Most pediatric dental offices will invite and even encourage parents to be present in the treatment room and will provide as much time as is necessary to establish comfort in the environment and with the staff.  This is an opportunity for your child to interact and take counsel from a trained adult, one who will support their efforts to build strong oral health habits to benefit them for a lifetime. Once your child is seated in the dentist’s chair, it is often best to take the role of advisor and audience rather than show stopper. Trusting your chosen dental team to support your child and your family will go far as each team member is a highly skilled, educated and knowledgeable individual who, at the end of the day, wants exactly what you want — a healthy and cared-for child.

Two Ways Parents Can Encourage Good Dental Health From the Start


Prevent tooth decay from the start. Unlike many of the health conditions faced by patients with special needs, tooth decay is mostly preventable. Children with special needs often have greater chance of dental challenges including teeth crowding, grinding, and bite and poor jaw position. Additionally, children may also take longer to experience the emergence of baby and adult teeth.

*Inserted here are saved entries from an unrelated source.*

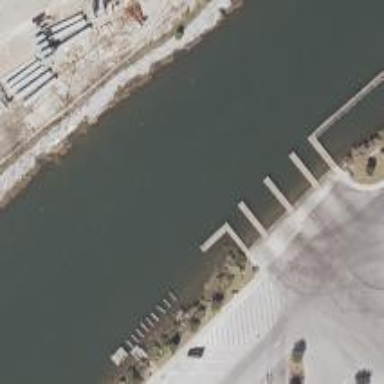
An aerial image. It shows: Slipway on leisure land.
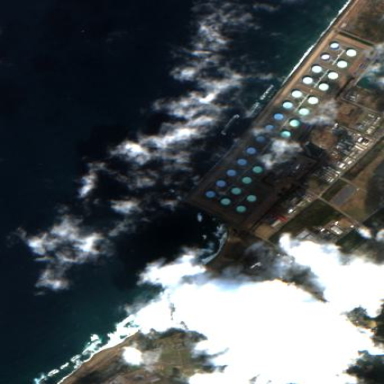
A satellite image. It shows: Industrial area dedicated to oil storage.
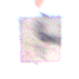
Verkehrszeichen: VerlaufVorfahrtsstrasse10
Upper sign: VorfahrtGewaehren
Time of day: Midday
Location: Outdoor (Nature)
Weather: Clear
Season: NotSpecified
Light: Natural
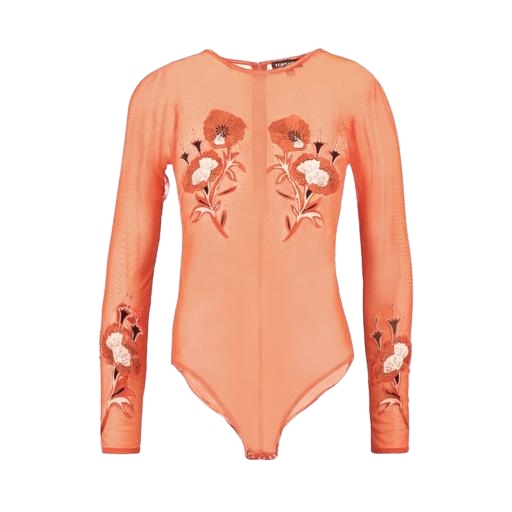
orange fwrd exclusive top, multicolor vero moda rust high neck blouse, coral sleeves, white background
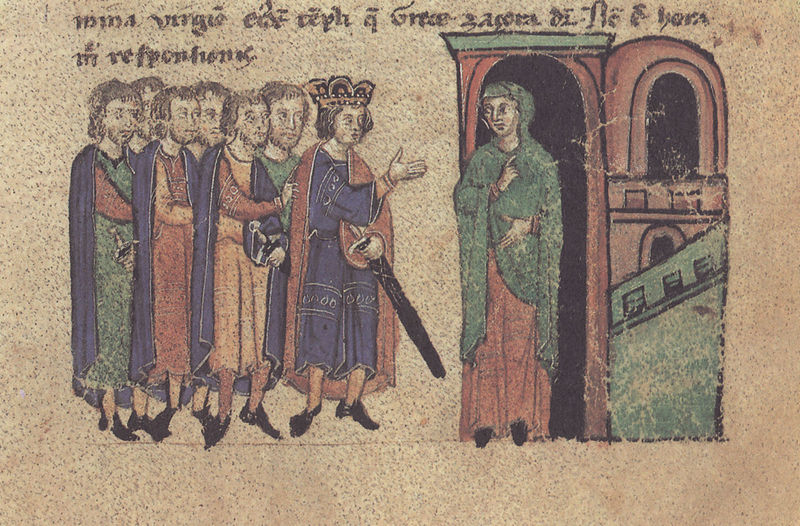
Titel: Alexanderroman
Institution: Leipzig, Stadtbibliothek
Schlagwörter: blau, hand, mann, umhang, gelb, grün, menschen, stadt, finger, frau, haar, kleid, männer, orange, schwarz, tür, zeichnung, haus, rot, leute, bart, bibel, kleidung, kirche, gewand, krone, farbig, schrift, papier, bogen, schuhe, treppe, gefolge, könig, kopftuch, zeigen, tor, buch, burg, kloster, jungfrau, schwert, schwerter, waffe, schuh, mittelalter, karl, maria, einlass, buchmalerei, verkündung, frai, kaiser augustus, schätzen, lrone
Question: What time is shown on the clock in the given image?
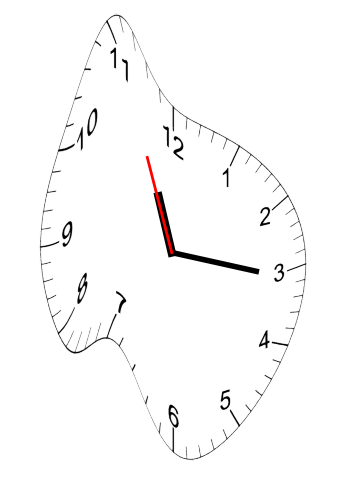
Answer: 11:15:56

By visiting a dentist early on and regularly, parents and caregivers will take a major step towards positive oral health as all children benefit from preventative care, including proper brushing, flossing, limited snacking and regular dental checkups. Dr. Hendry further adds that consistent routines to promote oral health, such as drinking water throughout the day, can be an important measure in helping to keep teeth clean at home. Other important suggestions include the avoidance of sugary drinks, especially bottles in bed or juice at bedtime; limiting “sipping” sugary drinks as the lengthier contact of sugar and teeth leads to greater risk of decay; and oral cleansing using a warm washcloth even before the teeth fully erupt to help stimulate oral sensations that minimize sensory defensiveness.

Practice, practice, practice.Given physical or sensory issues or developmental delays, some children with special needs require more assistance and practice in caring for their teeth. For example, children with autism may struggle with the sound or sensation resonating from a spinning toothbrush or perhaps the scent of particular toothpastes. Others may struggle with dexterity and find reaching the far rear of the mouth difficult.

  Parents are encouraged to work with their children several times a day to experiment with different options (regular toothbrush versus spin brush, floss holders versus regular floss, rinses and adaptive aids for toothbrushes) to find options that work best. Your dentist can provide optimal recommendations especially if the sensation of brushing or flossing causes discomfort. Other things to consider include whether your child is properly holding and manipulating their toothbrush or reaching far enough towards the back of their mouth to cleanse rear teeth.  Any effort or ideas to encourage regular brushing will make a difference.